FA3 is Flash Attention 3, the flash attention algorithm specialized for the Hopper (sm90) architecture. Hopper adds asynchronous wgmma instructions, for computing matrix multiply @ operations asynchronously. It also adds shared-memory barriers and dynamic register allocation/deallocation, which allow for warp-specialization.

Warp group specialized kernels are also often referred to as “ping pong” kernels.

One warp group specializes on launching asynchronous copies to shared memory (and deallocates most of its registers).

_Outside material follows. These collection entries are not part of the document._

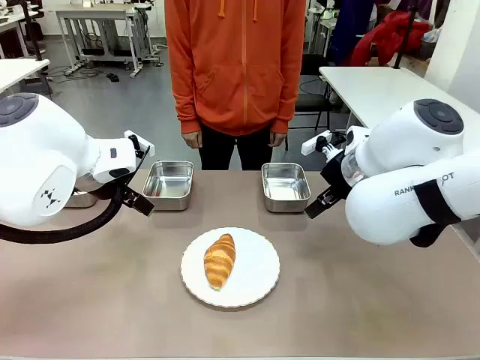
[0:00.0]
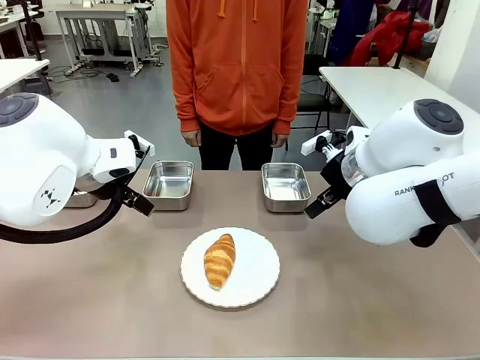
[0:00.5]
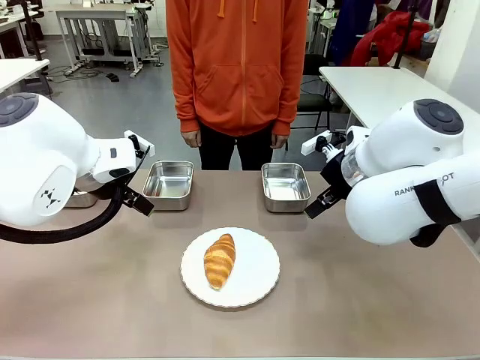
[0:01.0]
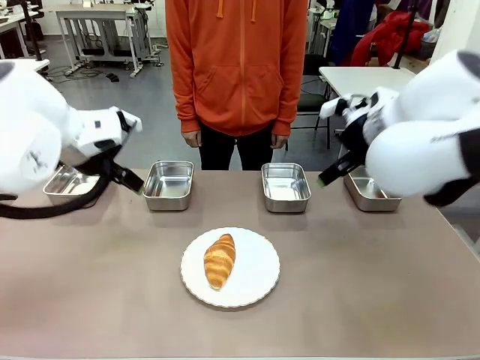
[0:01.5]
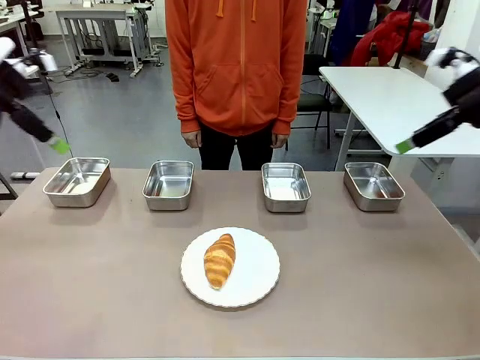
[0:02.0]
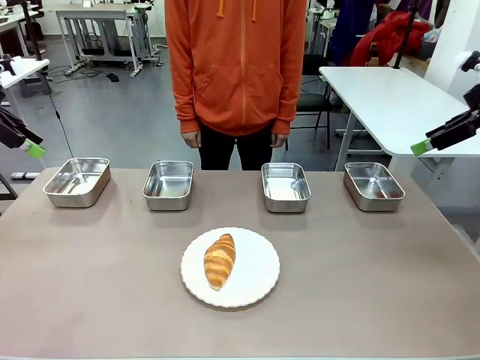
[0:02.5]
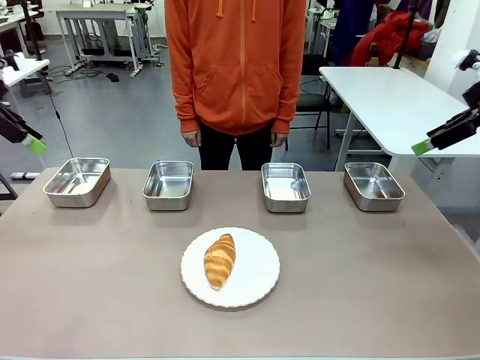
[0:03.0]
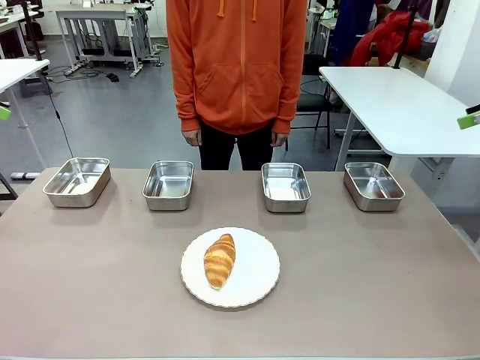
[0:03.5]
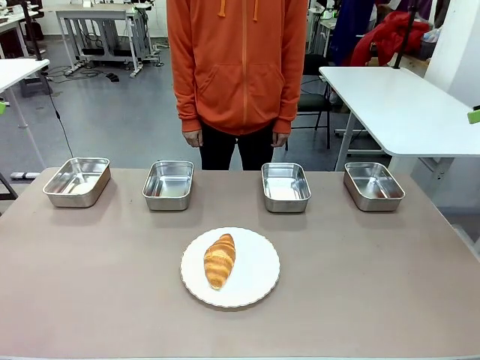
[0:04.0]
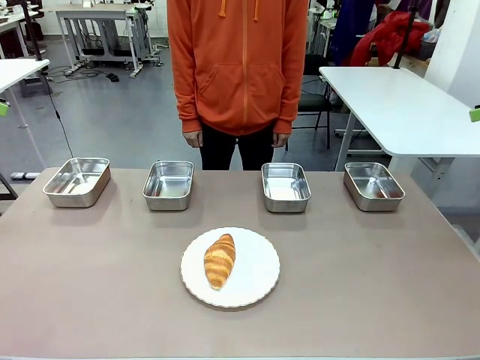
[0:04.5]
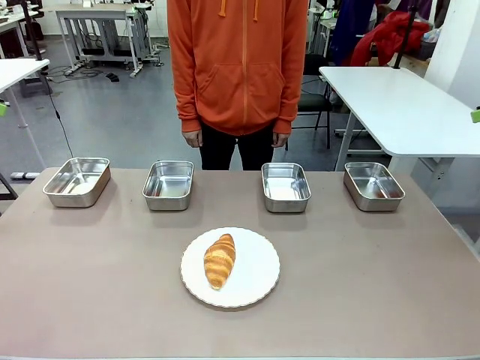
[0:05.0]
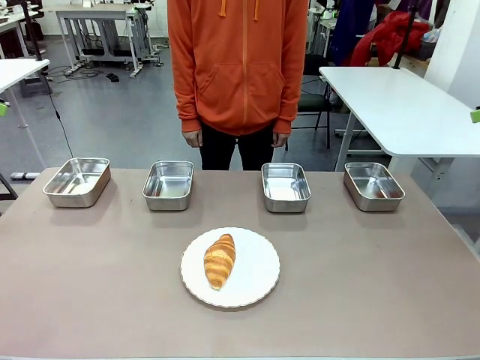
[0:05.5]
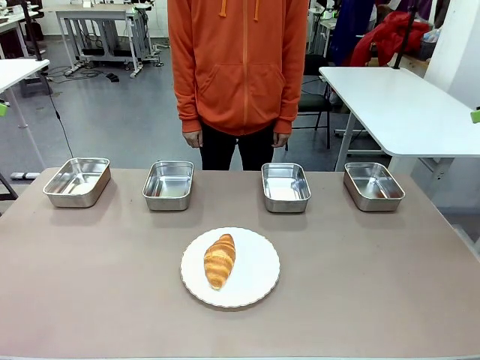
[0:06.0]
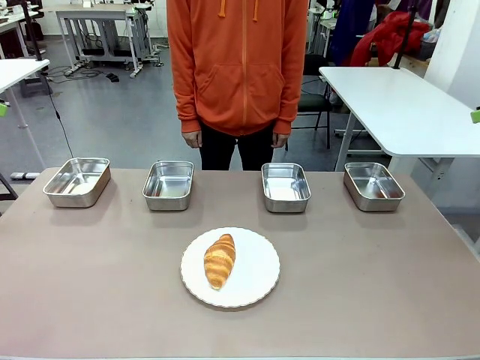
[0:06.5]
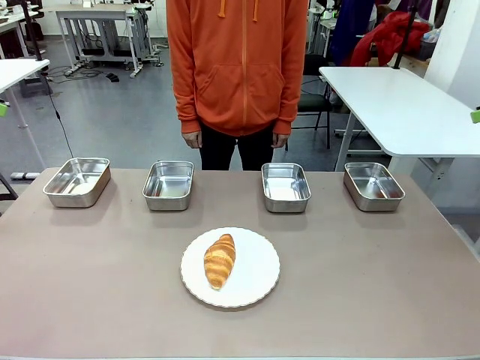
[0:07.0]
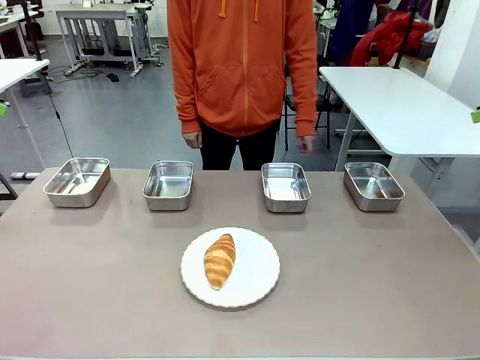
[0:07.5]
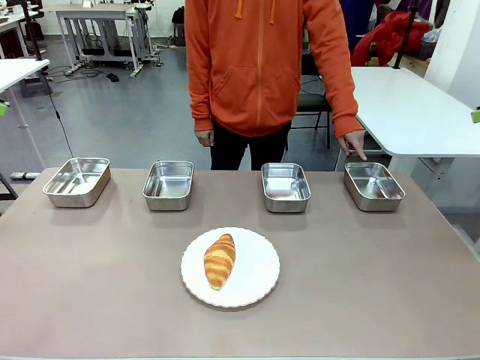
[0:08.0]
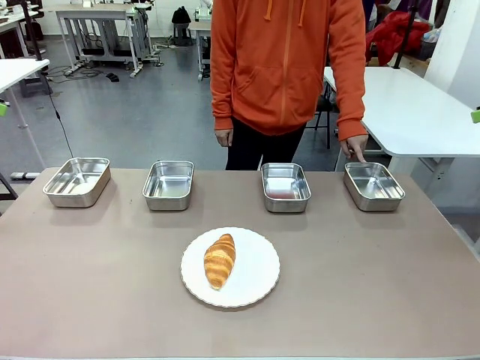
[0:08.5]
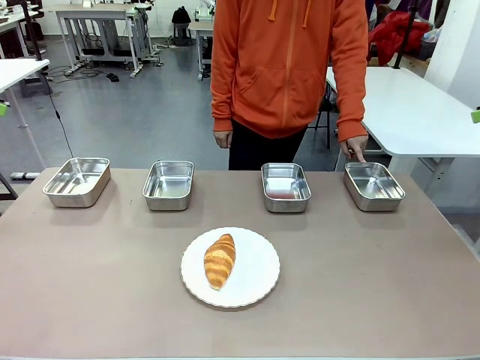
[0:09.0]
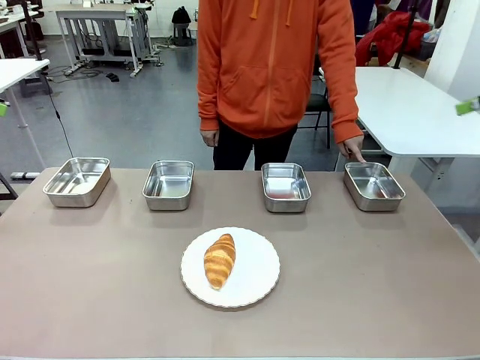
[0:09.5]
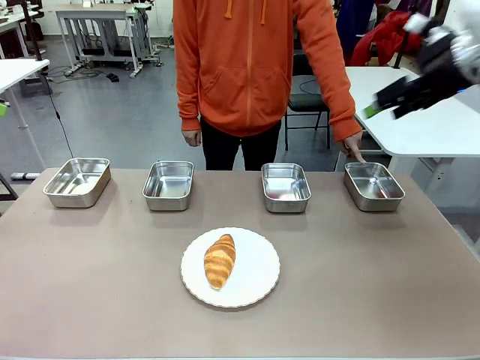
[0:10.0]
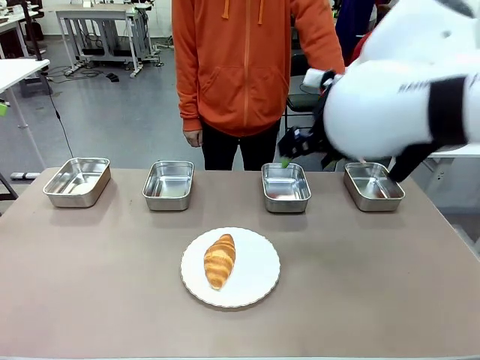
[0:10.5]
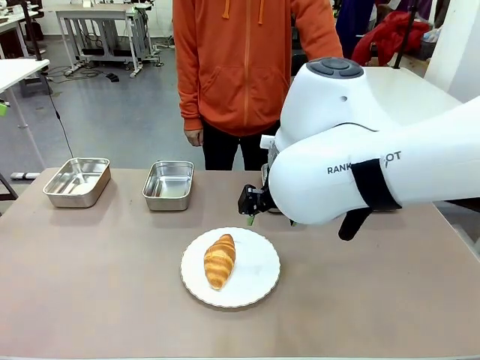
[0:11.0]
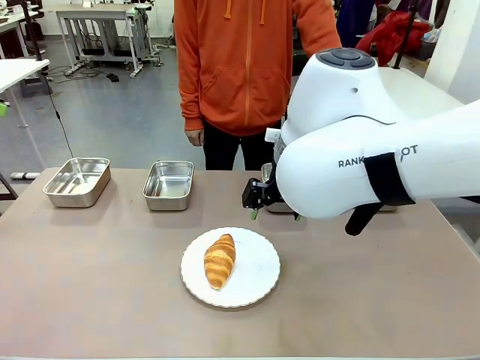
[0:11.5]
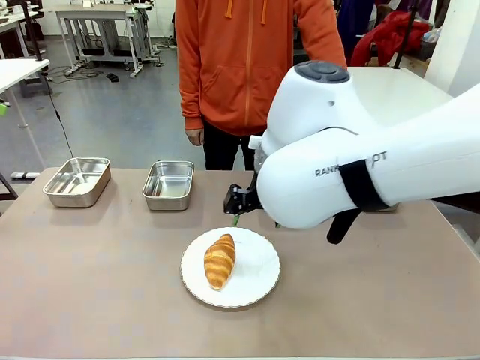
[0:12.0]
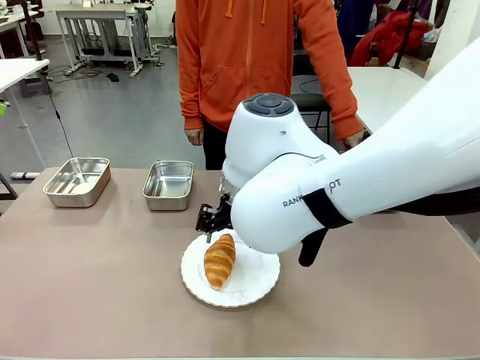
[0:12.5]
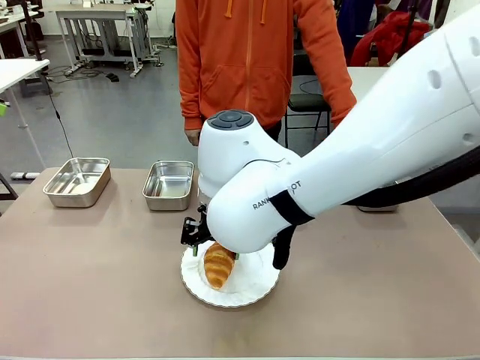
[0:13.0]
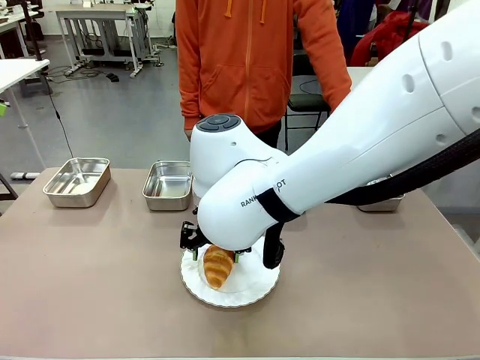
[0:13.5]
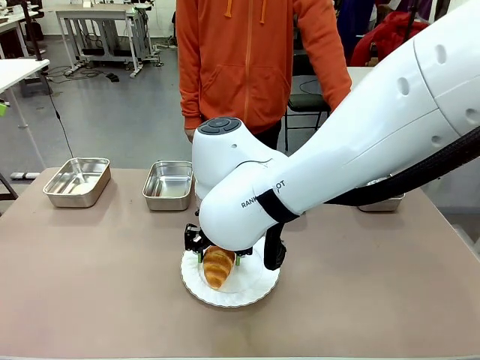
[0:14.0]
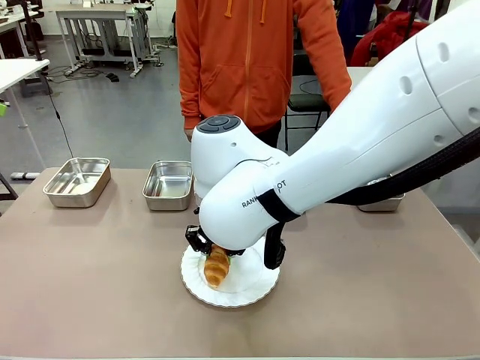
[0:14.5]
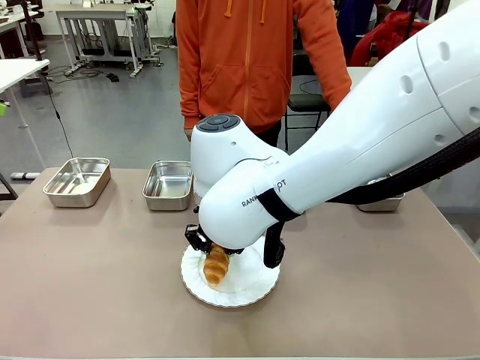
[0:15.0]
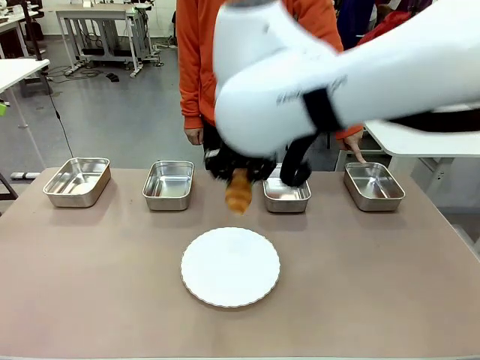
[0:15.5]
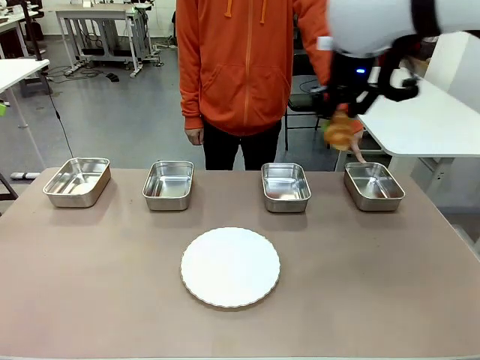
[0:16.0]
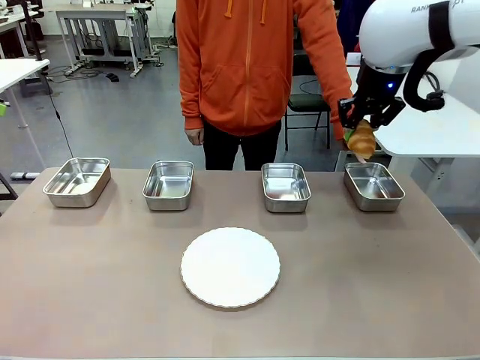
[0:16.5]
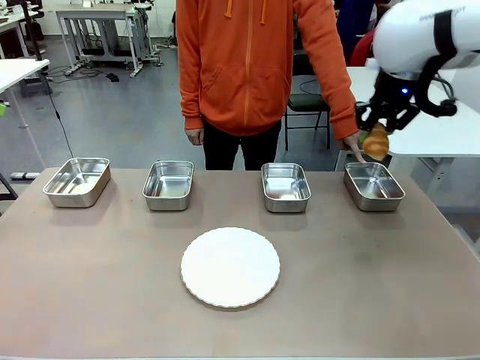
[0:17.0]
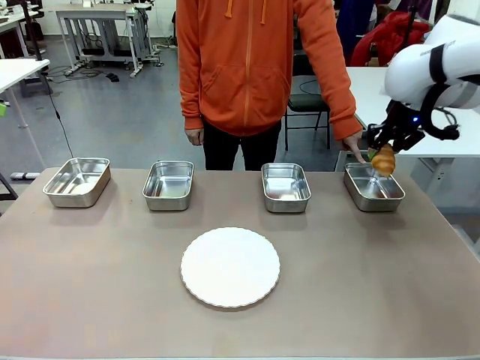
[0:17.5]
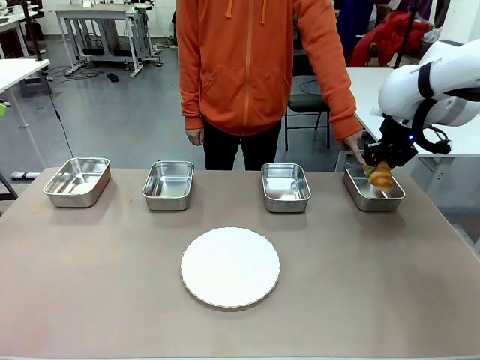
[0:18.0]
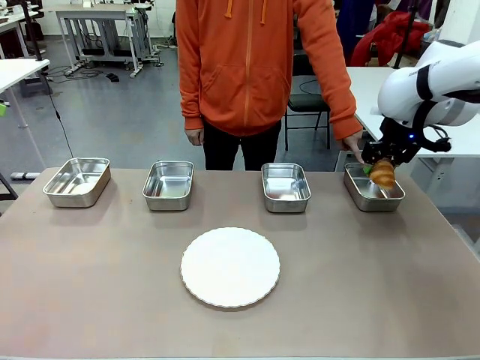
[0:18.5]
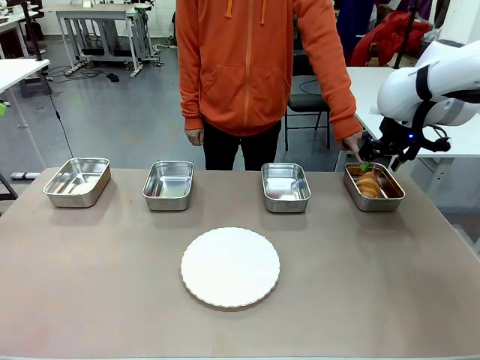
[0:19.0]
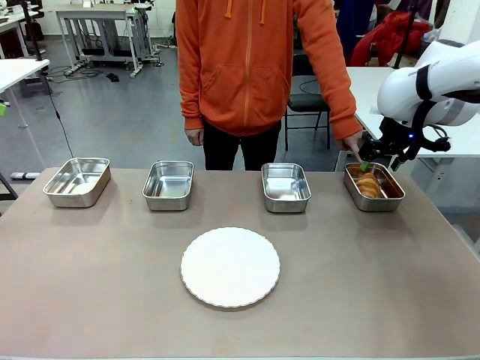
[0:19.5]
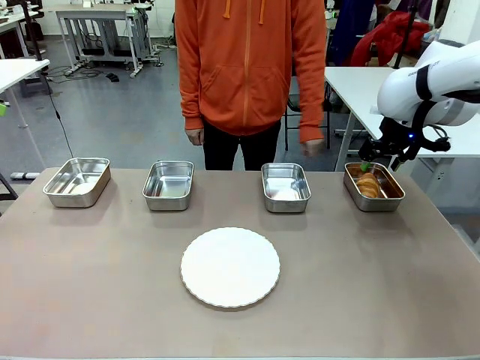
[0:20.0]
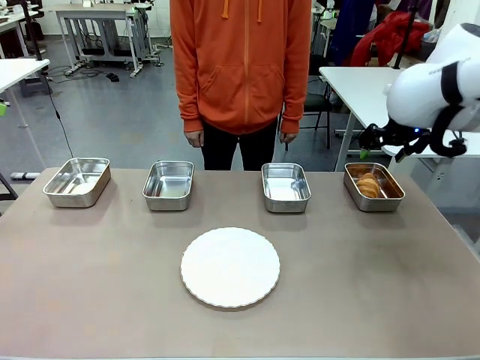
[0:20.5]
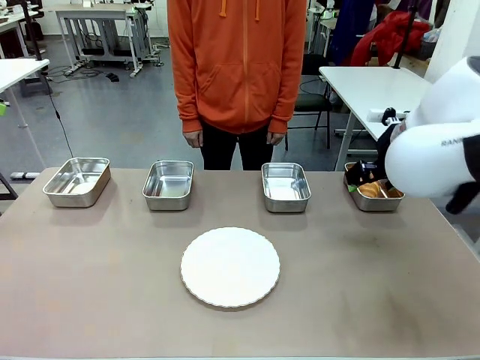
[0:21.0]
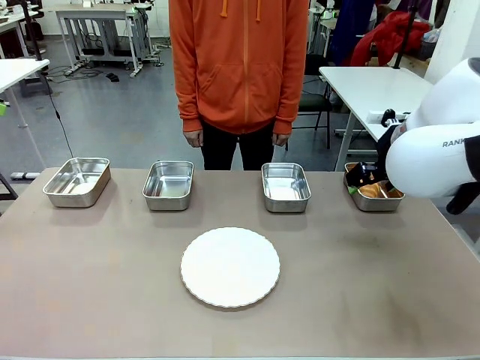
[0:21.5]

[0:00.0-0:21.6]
Task: Place the bread in the container.
Robot: Place the Butter Roll into the Airtight Container indicated by the human.
Person: A person randomly selects and points to an Airtight Container.

Others perform computation. The GPU’s execution can bounce or “ping pong” between them, while their operations asynchronously run in the background. By running two compute warp groups, we allow their matrix multiplies to overlap the softmax-related instructions such as exponentials, as these use separate units on the hardware that are able to fully run in parallel.

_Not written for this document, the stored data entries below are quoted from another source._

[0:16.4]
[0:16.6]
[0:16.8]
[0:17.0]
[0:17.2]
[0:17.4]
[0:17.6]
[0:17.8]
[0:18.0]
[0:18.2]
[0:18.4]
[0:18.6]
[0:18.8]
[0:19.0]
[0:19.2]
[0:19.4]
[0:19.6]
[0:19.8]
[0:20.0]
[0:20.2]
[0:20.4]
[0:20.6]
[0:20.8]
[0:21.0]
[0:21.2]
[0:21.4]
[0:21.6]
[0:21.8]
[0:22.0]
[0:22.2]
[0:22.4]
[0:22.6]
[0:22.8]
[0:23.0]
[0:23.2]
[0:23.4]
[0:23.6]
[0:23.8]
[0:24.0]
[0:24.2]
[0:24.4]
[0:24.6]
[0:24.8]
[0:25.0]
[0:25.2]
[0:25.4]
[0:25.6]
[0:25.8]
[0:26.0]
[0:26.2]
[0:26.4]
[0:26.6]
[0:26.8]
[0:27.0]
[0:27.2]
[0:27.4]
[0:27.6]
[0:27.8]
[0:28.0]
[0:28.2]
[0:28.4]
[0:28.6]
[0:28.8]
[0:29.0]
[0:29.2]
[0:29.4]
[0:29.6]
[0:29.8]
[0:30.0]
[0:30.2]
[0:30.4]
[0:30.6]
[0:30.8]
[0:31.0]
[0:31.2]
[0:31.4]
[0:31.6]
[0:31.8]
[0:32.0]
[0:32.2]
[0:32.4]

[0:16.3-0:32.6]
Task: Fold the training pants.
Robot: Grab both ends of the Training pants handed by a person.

To further optimize within a warpgroup (which is also the only option for context decoding, where we don’t have enough rows to Q to divide it into two warpgroups), we can pipeline the loop above:

for kv_start in range(BN, num_keys, BN):
    # copy from `P` (f32 register tile) to a bf16 tile
    # this frees the f32 register tile for `S = Q @ K'[...]`
    S = Q @ K'[:, range(kv_start, kv_start+BN)]
    O += P @ V[range(kv_start-BN, kv_start), :] # from the previous iteration!
    S.wait()
    S = mask_function(S) # apply mask, e.g. CausalMask()
    old_rowmax = rowmax
    row_max = max(old_rowmax, rowmax(S))
    P = exp(S - row_max)
    correction = exp(old_rowmax - row_max)
    row_sum = row_sum * correction + rowsum(P)
    O.wait() # frees `bf16` register tile
    O = correction*O

# NOTE: the `P` in `P @ V` is a truncation to `bfloat16`, so the registers
#       do not alias `S` or `P` elsewhere; 

Now, the P @ V[subset, :] wgmma instructions are capable of overlapping the bulk of the vector instructions within a kernel, while all these operations additionally overlap the memory transfers handled by the other warp group.

This allows us to use a great deal of the hardware’s resources in parallel.